FFF

Brian Nolan: Recent work on implementing RRG via an Arabic-to-English

This talk presents recent research, and associated development work on a machine translation system called UniArab, a proof-of-concept system supporting the fundamental aspects of Arabic, such as the parts of speech, agreement and tenses. UniArab is based on the linking algorithm of Role and Reference Grammar (RRG) for syntax to semantics and vice versa. UniArab takes MSA Arabic as input in the native orthography, parses the sentence(s) into a logical meta-representation based on the fully expanded RRG logical structures and, using this, generates perfectly grammatical English output with full agreement and morphological resolution. RRG is a functional theory of grammar that posits a direct mapping between the semantic representation of a sentence and its syntactic representation. The theory allows a sentence in a specific language to be described in terms of its logical structure and grammatical procedures. RRG creates a linking relationship between syntax and semantics, and can account for how semantic representations are mapped into syntactic representations. We claim that RRG is very suitable for machine translation of Arabic, and that RRG can be implemented as the rule-based kernel of an Interlingua bridge MT engine in software. The version of Arabic we consider is Modern Standard Arabic (MSA). When we mention Arabic, therefore, we mean MSA, which is distinct from classical Arabic.


UniArab utilizes a Java programming language / XML-based implementation of elements of the RRG theory in software. In order to analyse Arabic by computer we first extract the lexical properties of the Arabic words. From the parse, the software then creates a computer-based representation for the logical structure of the Arabic sentence(s). We use the RRG theory to motivate the computational implementation of the architecture of the lexicon in software. and implement in software the RRG bidirectional linking system to build the parse and generate functions between the syntax-semantic interfaces. Through seven input phases, including the morphological and syntactic unpacking, UniArab extracts the logical structure of an Arabic sentence.

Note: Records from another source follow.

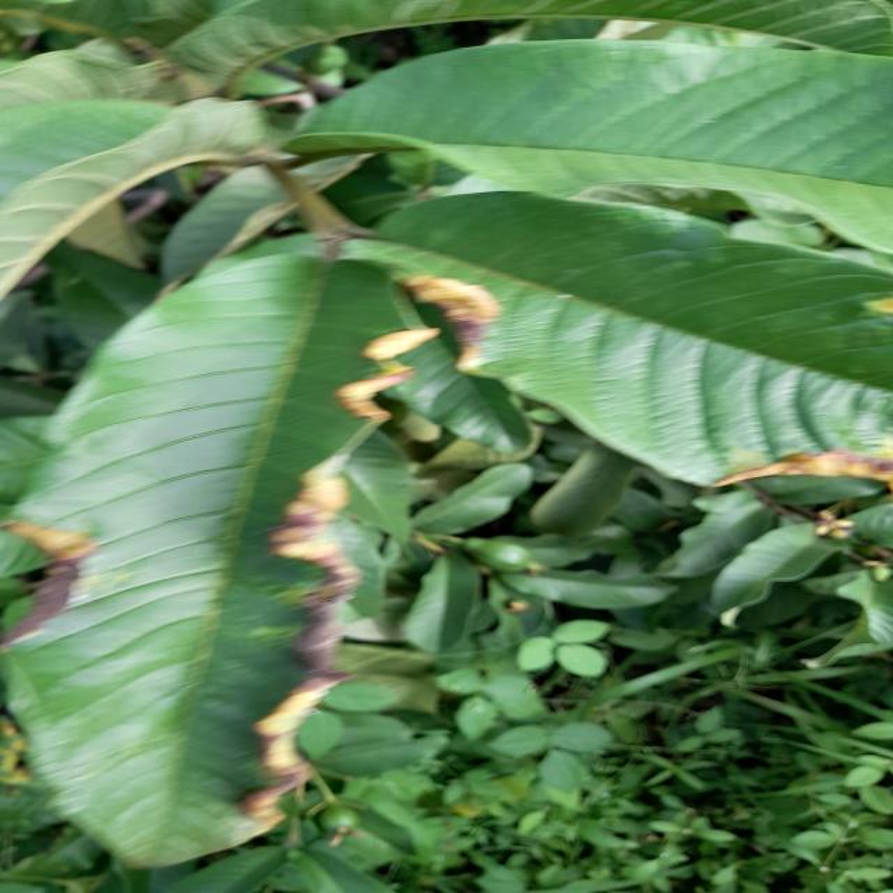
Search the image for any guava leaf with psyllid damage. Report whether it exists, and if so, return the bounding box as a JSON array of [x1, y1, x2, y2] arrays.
[[17, 244, 441, 860]]
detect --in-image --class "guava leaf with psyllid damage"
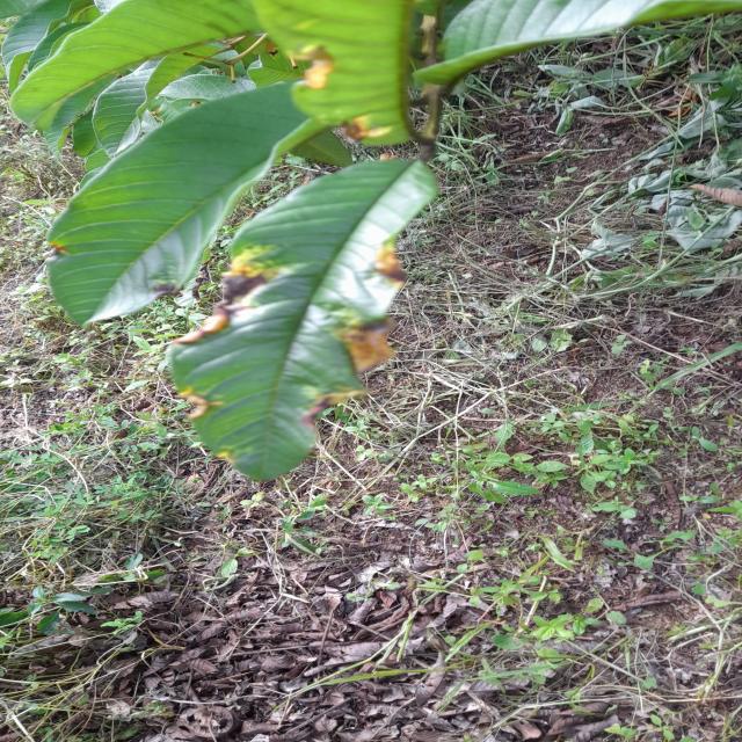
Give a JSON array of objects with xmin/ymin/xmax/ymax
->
[{"xmin": 155, "ymin": 157, "xmax": 453, "ymax": 496}]
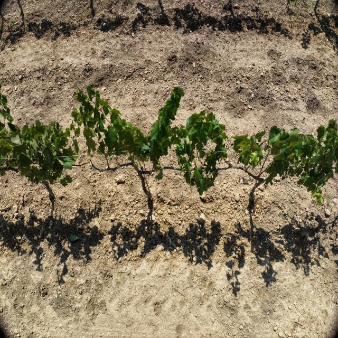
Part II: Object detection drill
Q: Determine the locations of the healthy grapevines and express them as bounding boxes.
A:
[0,91,84,212]
[198,115,338,224]
[71,80,208,226]
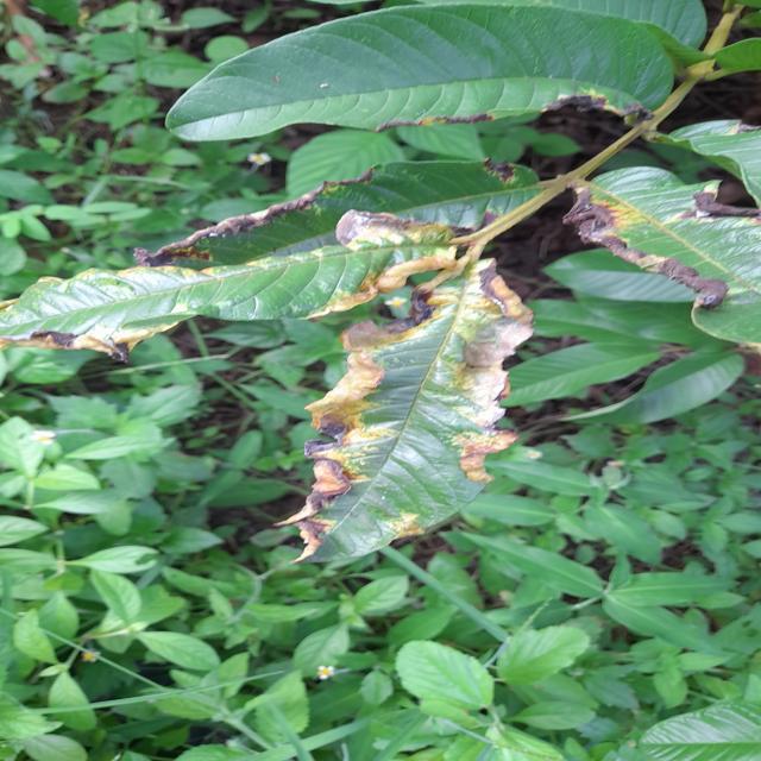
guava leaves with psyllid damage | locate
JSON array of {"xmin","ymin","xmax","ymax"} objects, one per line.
[
  {"xmin": 7, "ymin": 174, "xmax": 521, "ymax": 373},
  {"xmin": 238, "ymin": 233, "xmax": 565, "ymax": 570}
]

Using the XML-based metadata representing the RRG logical structure, UniArab then accurately generates an equivalent grammatical sentence in the target language through four output phases. Following this, we discuss the technologies used to support its development and also the user interface that allows for the addition of lexical items directly to the lexicon in real time.  The UniArab system has been tested and evaluated by generating equivalent grammatical sentences, in English, via the logical structure of Arabic sentences, based on MSA Arabic input with very significant and accurate results. At present we are working to greatly extend the coverage by the addition of more verbs to the lexicon. We have demonstrated in this research also that RRG is a viable linguistic model for building accurate rule-based machine translation software.